WHAT TO DO =
Type the entries out again exactly as they read, but leave every picture behind.
Top of DATASET CONTENT
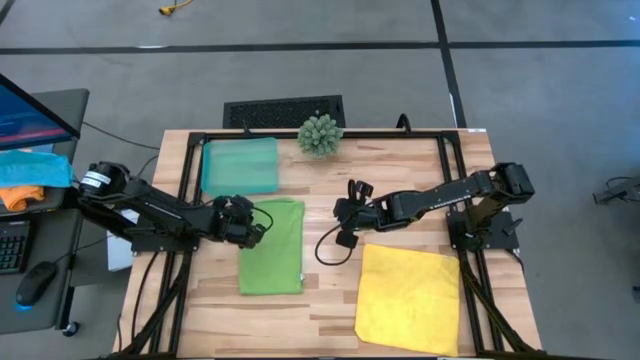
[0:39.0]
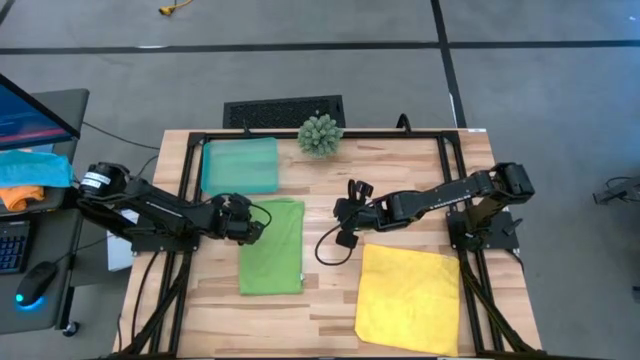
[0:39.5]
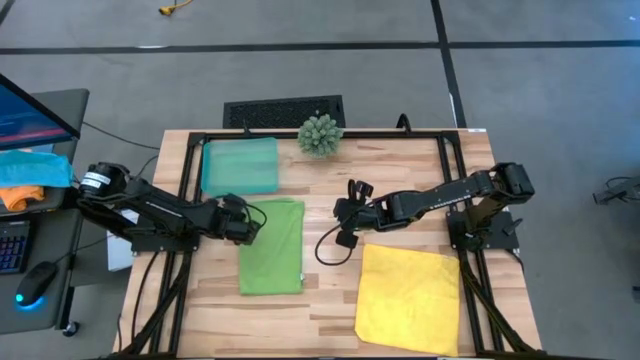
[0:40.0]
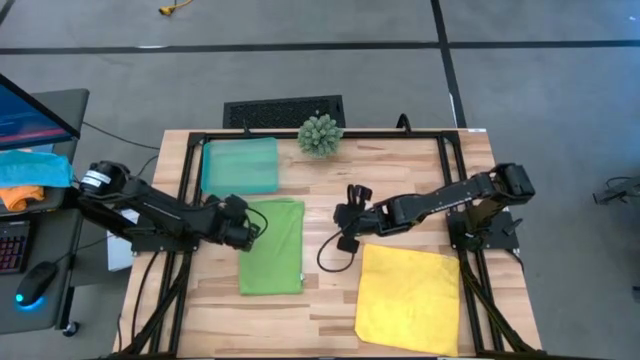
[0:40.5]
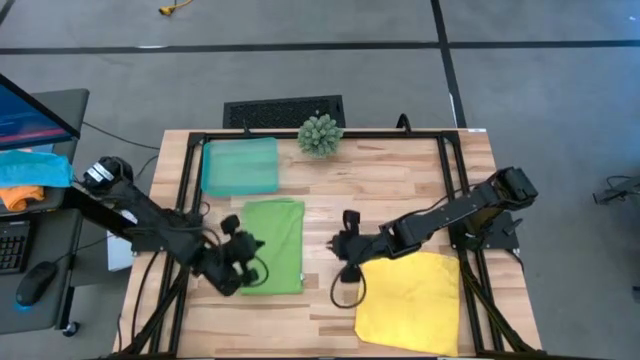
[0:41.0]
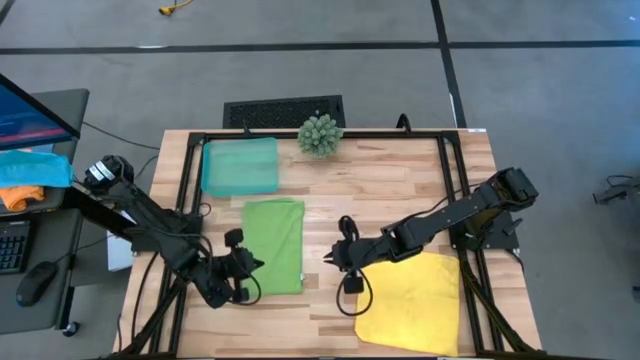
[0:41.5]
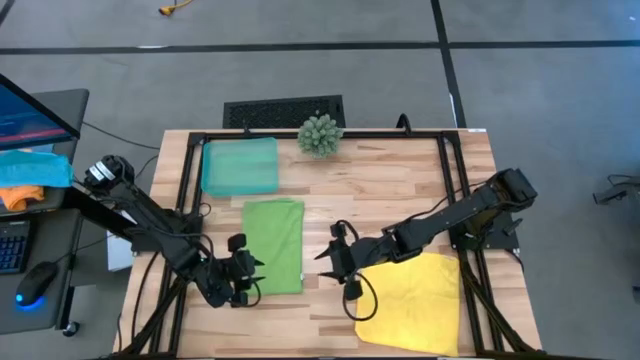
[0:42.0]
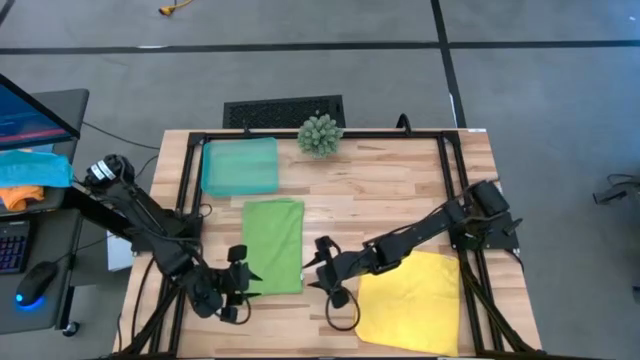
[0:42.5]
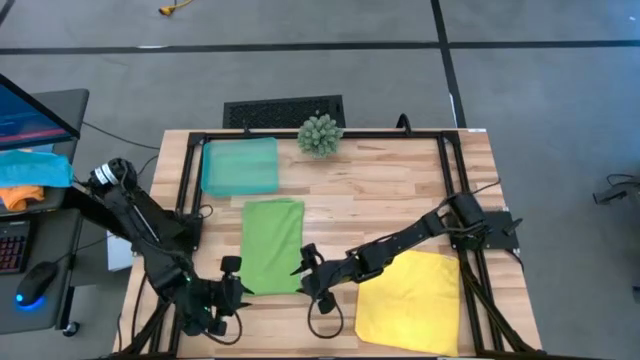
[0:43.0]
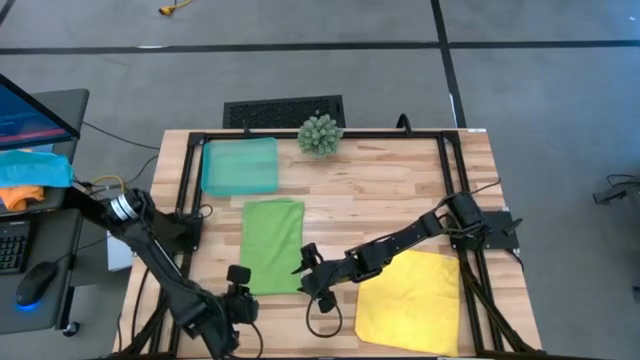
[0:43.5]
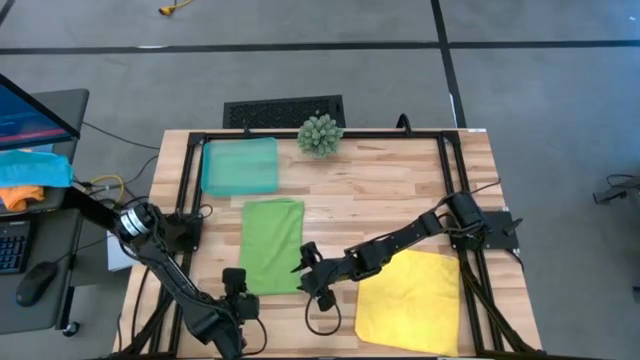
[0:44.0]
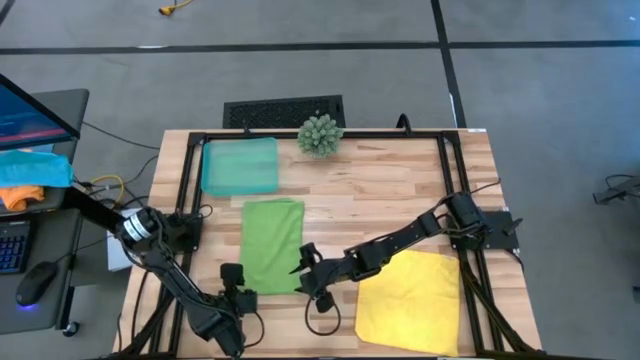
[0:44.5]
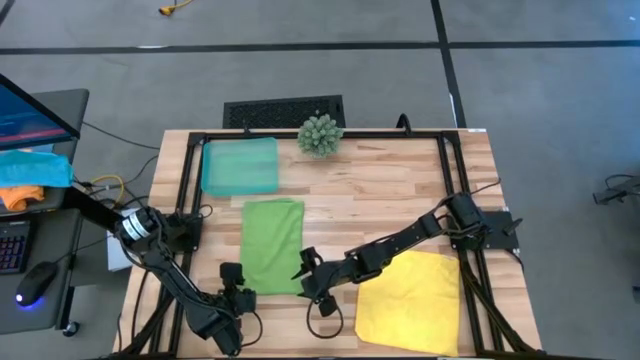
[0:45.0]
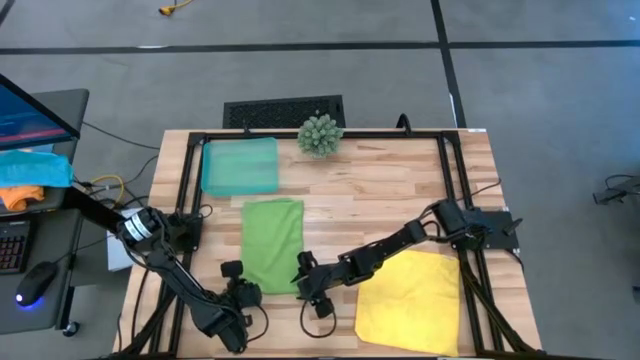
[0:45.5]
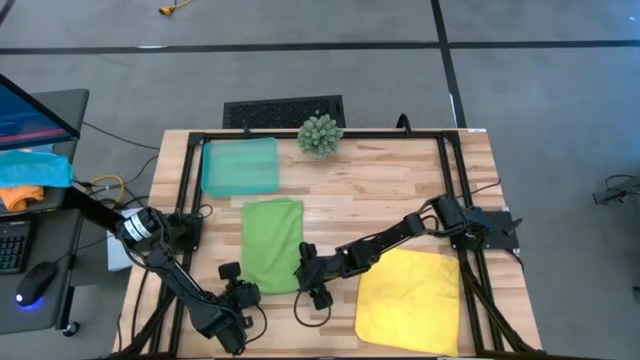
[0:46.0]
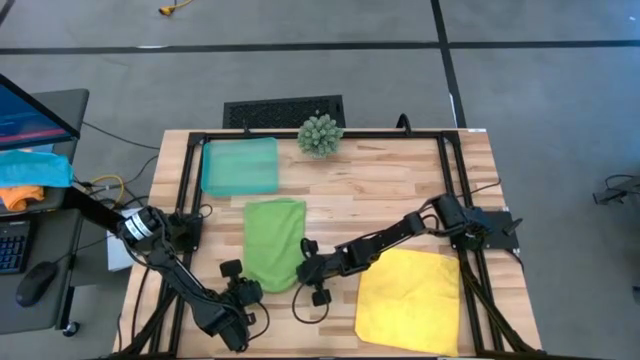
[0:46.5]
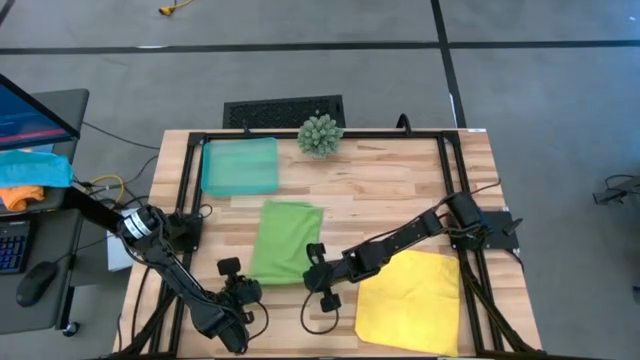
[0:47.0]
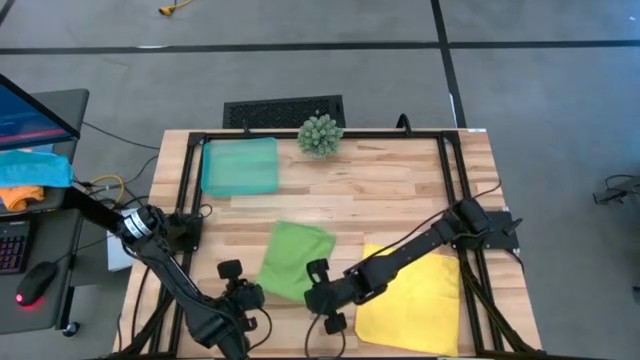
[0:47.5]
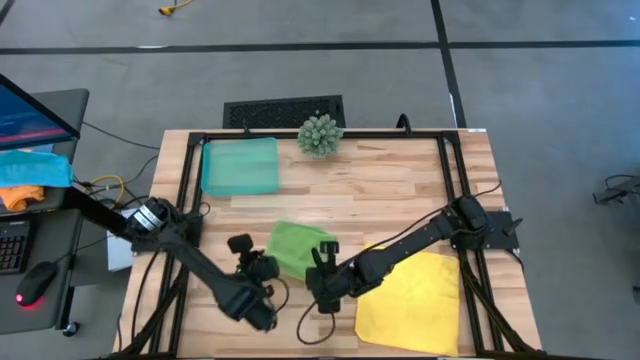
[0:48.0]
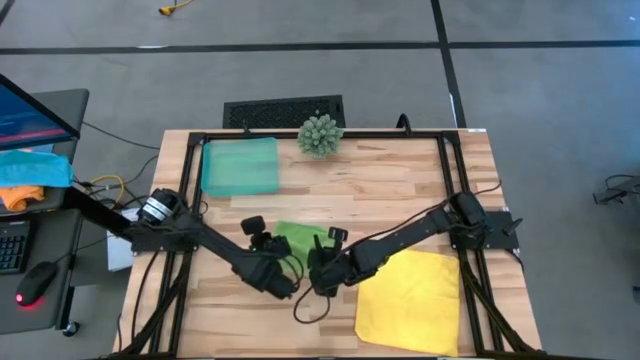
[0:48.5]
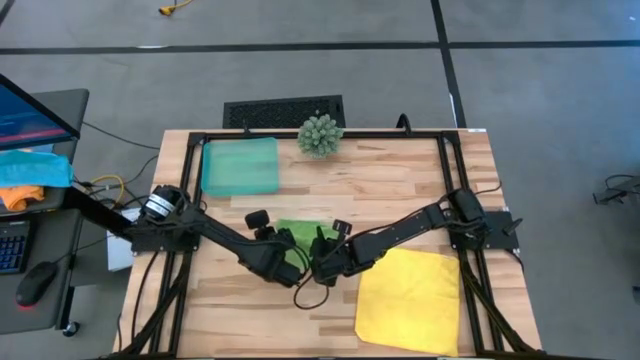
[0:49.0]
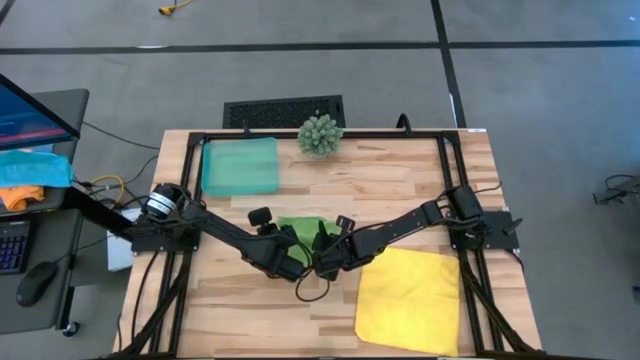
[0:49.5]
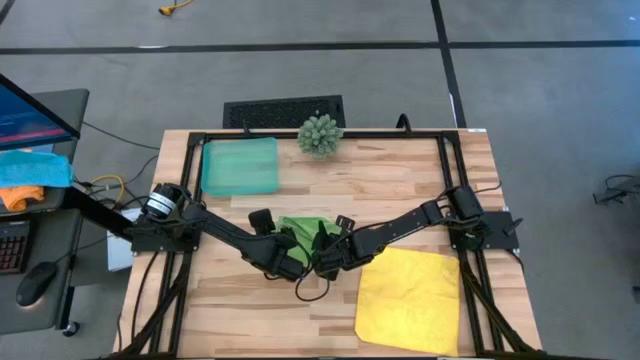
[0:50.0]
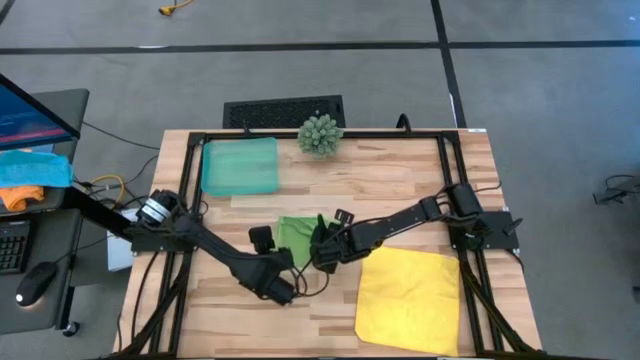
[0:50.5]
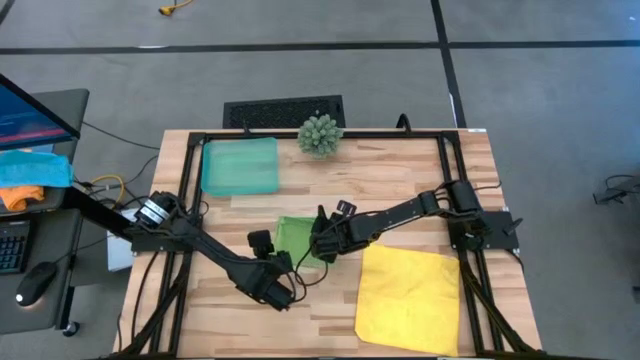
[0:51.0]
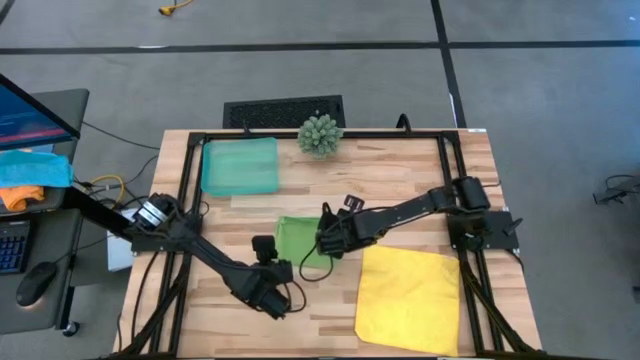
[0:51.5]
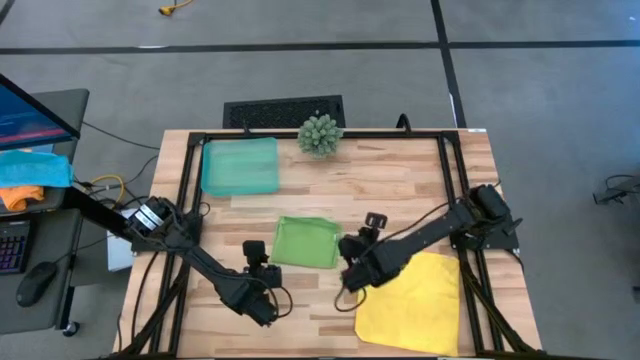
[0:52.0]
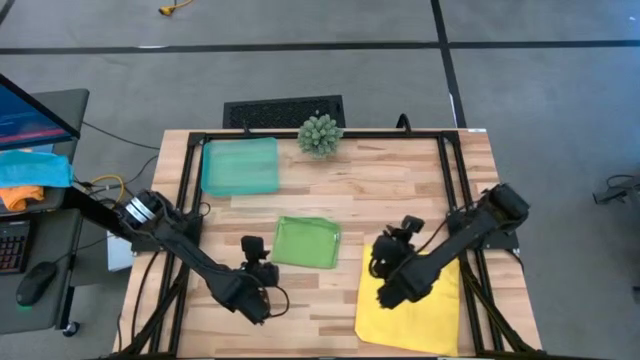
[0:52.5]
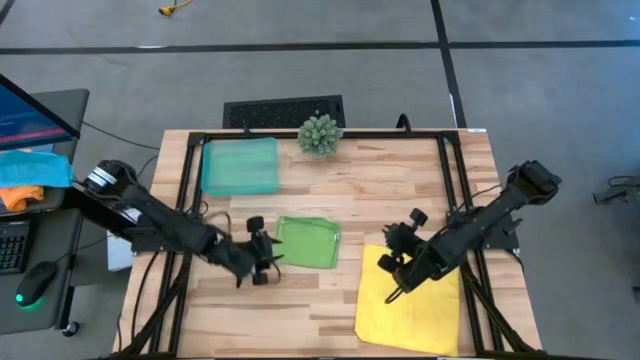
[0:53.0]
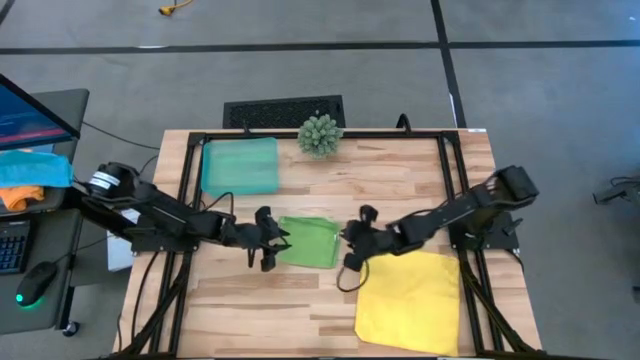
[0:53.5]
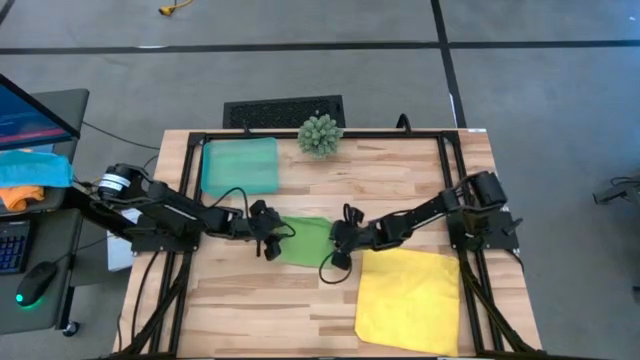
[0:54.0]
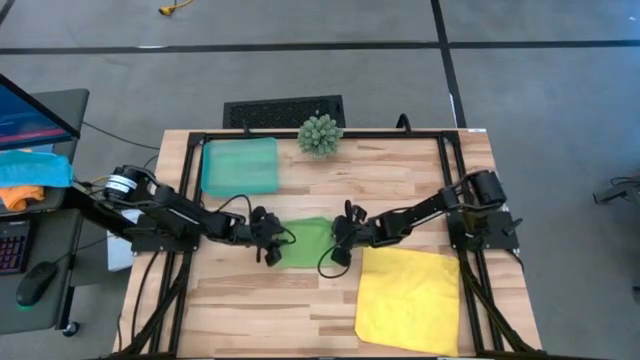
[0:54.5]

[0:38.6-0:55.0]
Task: Roll microfiber towels into tight, uniform cylinder then place into a basket
Fold the green towel
Bottom of DATASET CONTENT
WRITTEN REPLY =
[0:39.0]
[0:39.5]
[0:40.0]
[0:40.5]
[0:41.0]
[0:41.5]
[0:42.0]
[0:42.5]
[0:43.0]
[0:43.5]
[0:44.0]
[0:44.5]
[0:45.0]
[0:45.5]
[0:46.0]
[0:46.5]
[0:47.0]
[0:47.5]
[0:48.0]
[0:48.5]
[0:49.0]
[0:49.5]
[0:50.0]
[0:50.5]
[0:51.0]
[0:51.5]
[0:52.0]
[0:52.5]
[0:53.0]
[0:53.5]
[0:54.0]
[0:54.5]

[0:38.6-0:55.0]
Task: Roll microfiber towels into tight, uniform cylinder then place into a basket
Fold the green towel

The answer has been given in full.